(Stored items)
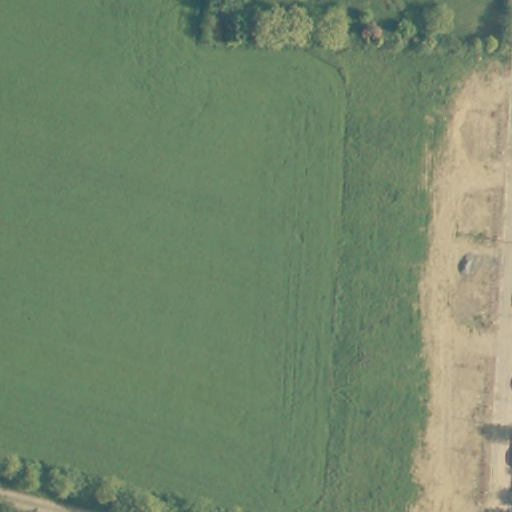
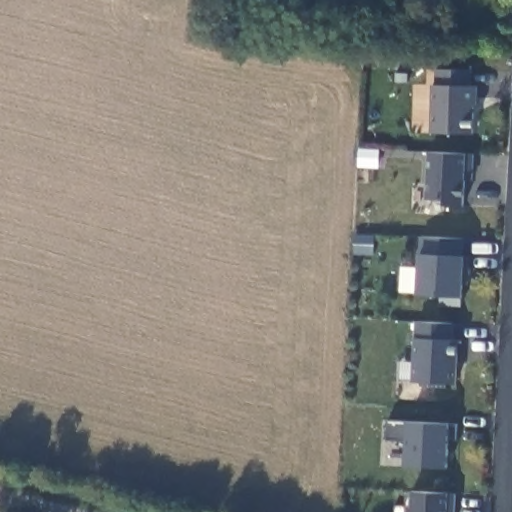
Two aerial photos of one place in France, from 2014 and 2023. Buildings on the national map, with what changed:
unchanged [(432,133),(432,85),(437,85),(436,69),(473,70),(474,86),(477,85),(478,105),(474,105),(474,132),(432,133)]
new [(474,180),(465,179),(464,206),(445,205),(446,200),(426,199),(428,153),(467,154),(475,154),(474,180)]
new [(438,304),(443,295),(417,295),(420,254),(420,253),(421,236),(466,238),(467,256),(471,256),(470,285),(465,283),(465,297),(461,306),(438,304)]
new [(411,382),(415,337),(416,321),(455,323),(457,339),(459,339),(457,383),(411,382)]
new [(407,421),(448,424),(457,424),(457,440),(448,439),(447,468),(404,466),(406,440),(387,440),(387,420),(407,421)]
new [(406,512),(407,505),(410,506),(411,490),(456,493),(455,512),(406,512)]

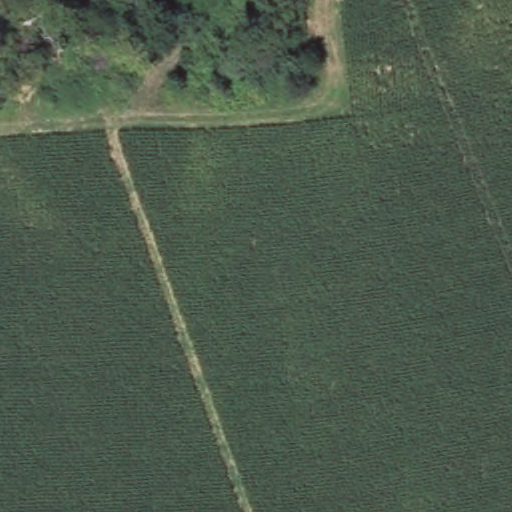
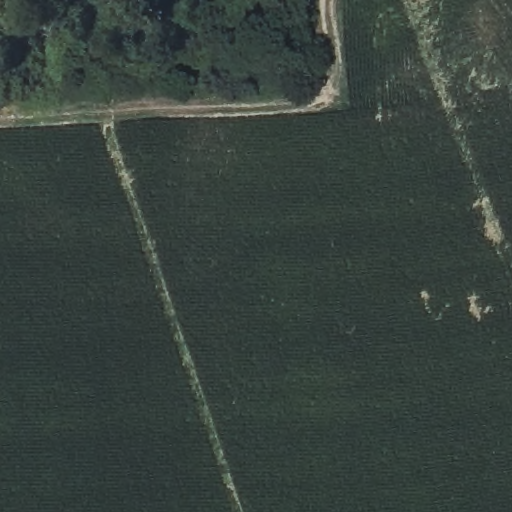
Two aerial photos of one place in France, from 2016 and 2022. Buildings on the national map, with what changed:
unchanged [(37,10),(16,17),(12,0),(35,0),(37,10)]

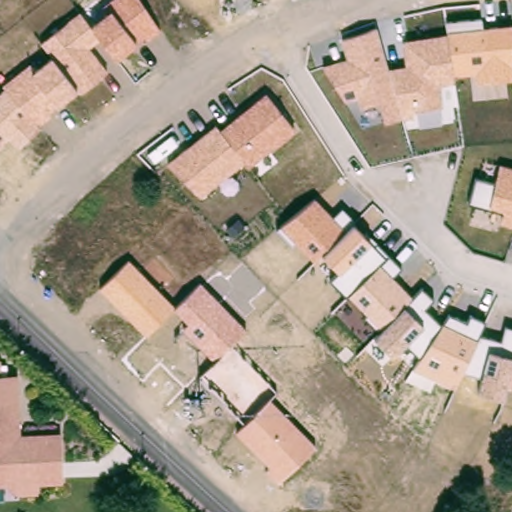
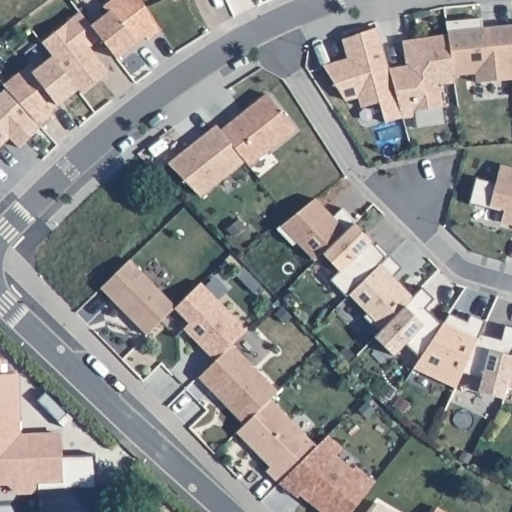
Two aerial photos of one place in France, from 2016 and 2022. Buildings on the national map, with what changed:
unchanged [(1,86),(31,63),(36,69),(50,57),(40,42),(79,10),(91,24),(104,14),(99,8),(110,0),(141,0),(161,29),(136,45),(115,61),(100,41),(91,49),(109,72),(79,95),(76,92),(58,107),(51,113),(54,117),(18,148),(9,140),(0,149),(0,93),(3,90),(1,86)]
unchanged [(323,65),(347,59),(341,40),(377,29),(388,69),(405,66),(402,42),(446,34),(445,31),(512,24),(512,27),(512,80),(476,84),(475,73),(455,76),(456,82),(439,84),(443,106),(413,111),(413,116),(385,122),(379,102),(361,108),(357,98),(345,103),(323,65)]
unchanged [(166,165),(217,124),(222,129),(267,93),(296,130),(251,168),(244,161),(200,197),(166,165)]
unchanged [(499,222),(502,211),(489,208),(469,203),(476,177),(495,182),(500,166),(512,169),(512,226),(499,222)]
unchanged [(508,387),(505,400),(478,394),(482,374),(461,371),(453,386),(414,368),(421,357),(404,343),(392,355),(373,338),(381,329),(347,298),(329,280),(338,271),(322,256),(315,263),(280,228),(316,197),(332,216),(343,206),(357,220),(353,223),(369,242),(383,257),(387,254),(402,268),(394,276),(412,297),(422,289),(433,300),(425,308),(443,325),(449,312),(468,322),(471,315),(484,321),(479,335),(501,341),(504,326),(512,329),(512,388),(508,387)]
unchanged [(183,330),(187,325),(174,311),(145,336),(100,288),(129,261),(175,306),(203,282),(247,330),(232,344),(215,361),(183,330)]
unchanged [(215,361),(232,344),(277,392),(270,399),(244,424),(199,377),(215,361)]
unchanged [(1,376),(18,375),(21,435),(64,433),(66,479),(41,480),(41,490),(24,492),(13,481),(0,482),(0,360),(1,361),(1,376)]
unchanged [(318,446),(279,483),(265,470),(269,465),(235,433),(244,424),(270,399),(318,446)]
new [(298,496),(279,483),(318,446),(328,435),(342,444),(336,453),(354,468),(357,465),(375,481),(349,512),(323,512),(300,494),(298,496)]
new [(394,512),(372,512),(379,503),(394,512)]
new [(445,512),(434,512),(437,507),(445,512)]

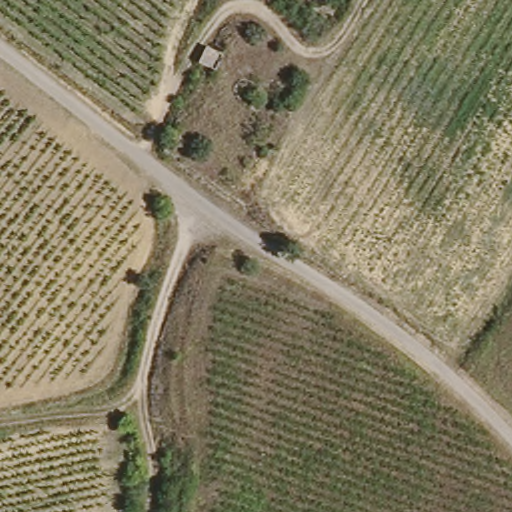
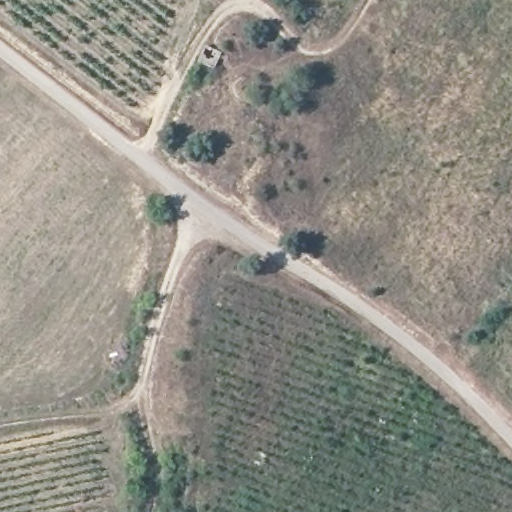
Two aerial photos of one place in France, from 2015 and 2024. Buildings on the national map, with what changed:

TASK REQUIREMENTS –
Could all the data above be given again exactly, leaving out its images?

YOUR SOLUTION –
Two aerial photos of one place in France, from 2014 and 2023. Buildings on the national map, with what changed:
unchanged [(432,133),(432,85),(437,85),(436,69),(473,70),(474,86),(477,85),(478,105),(474,105),(474,132),(432,133)]
new [(474,180),(465,179),(464,206),(445,205),(446,200),(426,199),(428,153),(467,154),(475,154),(474,180)]
new [(438,304),(443,295),(417,295),(420,254),(420,253),(421,236),(466,238),(467,256),(471,256),(470,285),(465,283),(465,297),(461,306),(438,304)]
new [(411,382),(415,337),(416,321),(455,323),(457,339),(459,339),(457,383),(411,382)]
new [(407,421),(448,424),(457,424),(457,440),(448,439),(447,468),(404,466),(406,440),(387,440),(387,420),(407,421)]
new [(406,512),(407,505),(410,506),(411,490),(456,493),(455,512),(406,512)]

Two aerial photos of one place in France, from 2016 and 2022. Buildings on the national map, with what changed:
unchanged [(37,10),(16,17),(12,0),(35,0),(37,10)]

Two aerial photos of one place in France, from 2016 and 2022. Buildings on the national map, with what changed:
unchanged [(1,86),(31,63),(36,69),(50,57),(40,42),(79,10),(91,24),(104,14),(99,8),(110,0),(141,0),(161,29),(136,45),(115,61),(100,41),(91,49),(109,72),(79,95),(76,92),(58,107),(51,113),(54,117),(18,148),(9,140),(0,149),(0,93),(3,90),(1,86)]
unchanged [(323,65),(347,59),(341,40),(377,29),(388,69),(405,66),(402,42),(446,34),(445,31),(512,24),(512,27),(512,80),(476,84),(475,73),(455,76),(456,82),(439,84),(443,106),(413,111),(413,116),(385,122),(379,102),(361,108),(357,98),(345,103),(323,65)]
unchanged [(166,165),(217,124),(222,129),(267,93),(296,130),(251,168),(244,161),(200,197),(166,165)]
unchanged [(499,222),(502,211),(489,208),(469,203),(476,177),(495,182),(500,166),(512,169),(512,226),(499,222)]
unchanged [(508,387),(505,400),(478,394),(482,374),(461,371),(453,386),(414,368),(421,357),(404,343),(392,355),(373,338),(381,329),(347,298),(329,280),(338,271),(322,256),(315,263),(280,228),(316,197),(332,216),(343,206),(357,220),(353,223),(369,242),(383,257),(387,254),(402,268),(394,276),(412,297),(422,289),(433,300),(425,308),(443,325),(449,312),(468,322),(471,315),(484,321),(479,335),(501,341),(504,326),(512,329),(512,388),(508,387)]
unchanged [(183,330),(187,325),(174,311),(145,336),(100,288),(129,261),(175,306),(203,282),(247,330),(232,344),(215,361),(183,330)]
unchanged [(215,361),(232,344),(277,392),(270,399),(244,424),(199,377),(215,361)]
unchanged [(1,376),(18,375),(21,435),(64,433),(66,479),(41,480),(41,490),(24,492),(13,481),(0,482),(0,360),(1,361),(1,376)]
unchanged [(318,446),(279,483),(265,470),(269,465),(235,433),(244,424),(270,399),(318,446)]
new [(298,496),(279,483),(318,446),(328,435),(342,444),(336,453),(354,468),(357,465),(375,481),(349,512),(323,512),(300,494),(298,496)]
new [(394,512),(372,512),(379,503),(394,512)]
new [(445,512),(434,512),(437,507),(445,512)]

Two aerial photos of one place in France, from 2015 and 2024. Buildings on the national map, with what changed:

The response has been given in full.